[Extracted data entries]
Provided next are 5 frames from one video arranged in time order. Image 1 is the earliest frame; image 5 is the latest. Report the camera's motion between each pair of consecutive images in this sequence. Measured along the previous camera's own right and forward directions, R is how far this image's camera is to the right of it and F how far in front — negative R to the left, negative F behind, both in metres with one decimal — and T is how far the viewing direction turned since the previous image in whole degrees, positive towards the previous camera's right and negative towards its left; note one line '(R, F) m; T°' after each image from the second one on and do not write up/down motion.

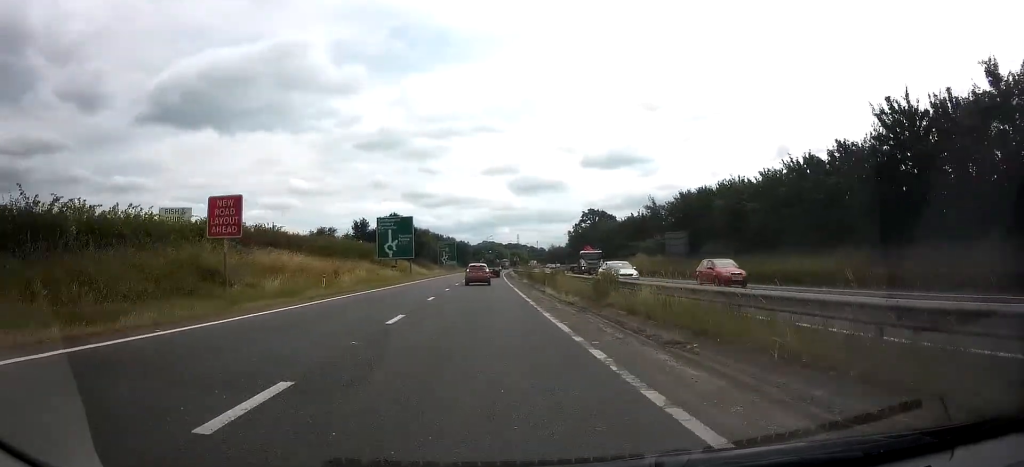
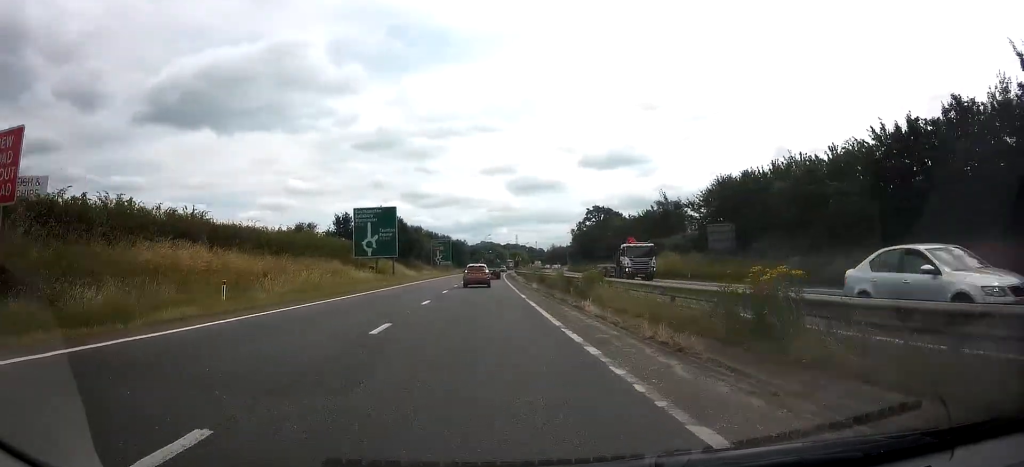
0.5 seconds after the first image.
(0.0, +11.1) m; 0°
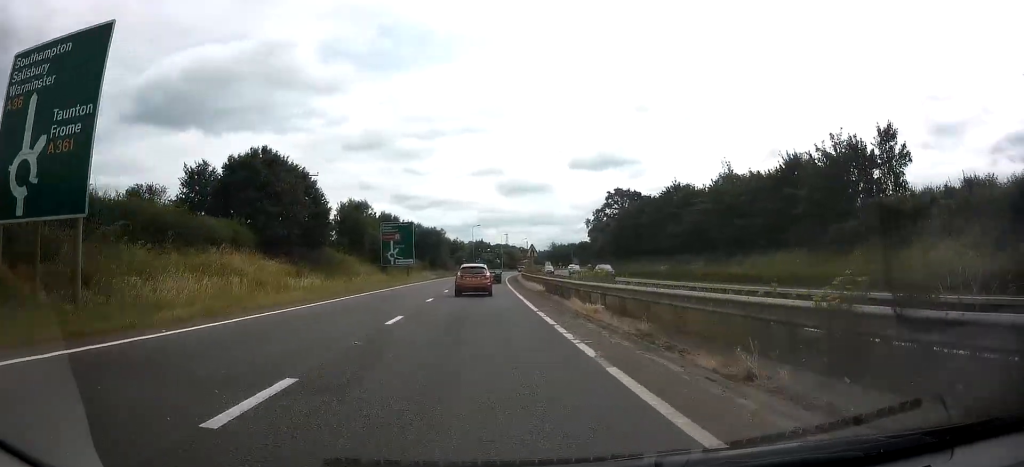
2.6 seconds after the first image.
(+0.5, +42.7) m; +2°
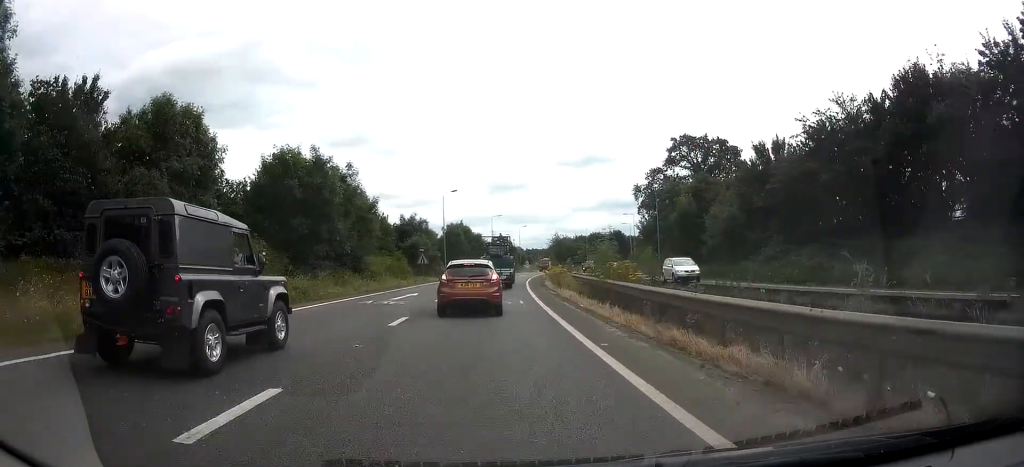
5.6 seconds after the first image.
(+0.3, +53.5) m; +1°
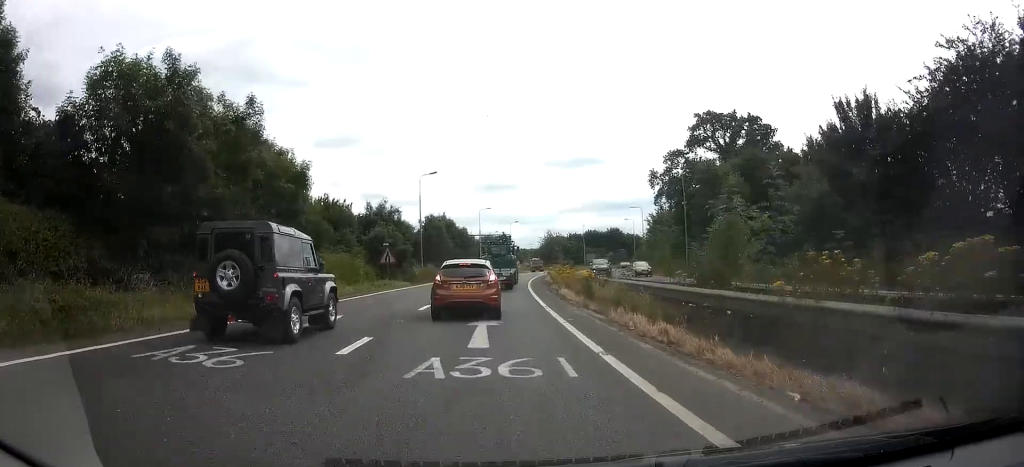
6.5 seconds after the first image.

**Task directions**
Give every line of the data above again as it stands; the pictures stay out.

**Response area**
Provided next are 5 frames from one video arranged in time order. Image 1 is the earliest frame; image 5 is the latest. Report the camera's motion between each pair of consecutive images in this sequence. Measured along the previous camera's own right and forward directions, R is how far this image's camera is to the right of it and F how far in front — negative R to the left, negative F behind, both in metres with one decimal — and T is how far the viewing direction turned since the previous image in whole degrees, positive towards the previous camera's right and negative towards its left; note one line '(R, F) m; T°' after each image from the second one on and do not write up/down motion.

0.5 seconds after the first image.
(0.0, +11.1) m; 0°
2.6 seconds after the first image.
(+0.5, +42.7) m; +2°
5.6 seconds after the first image.
(+0.3, +53.5) m; +1°
6.5 seconds after the first image.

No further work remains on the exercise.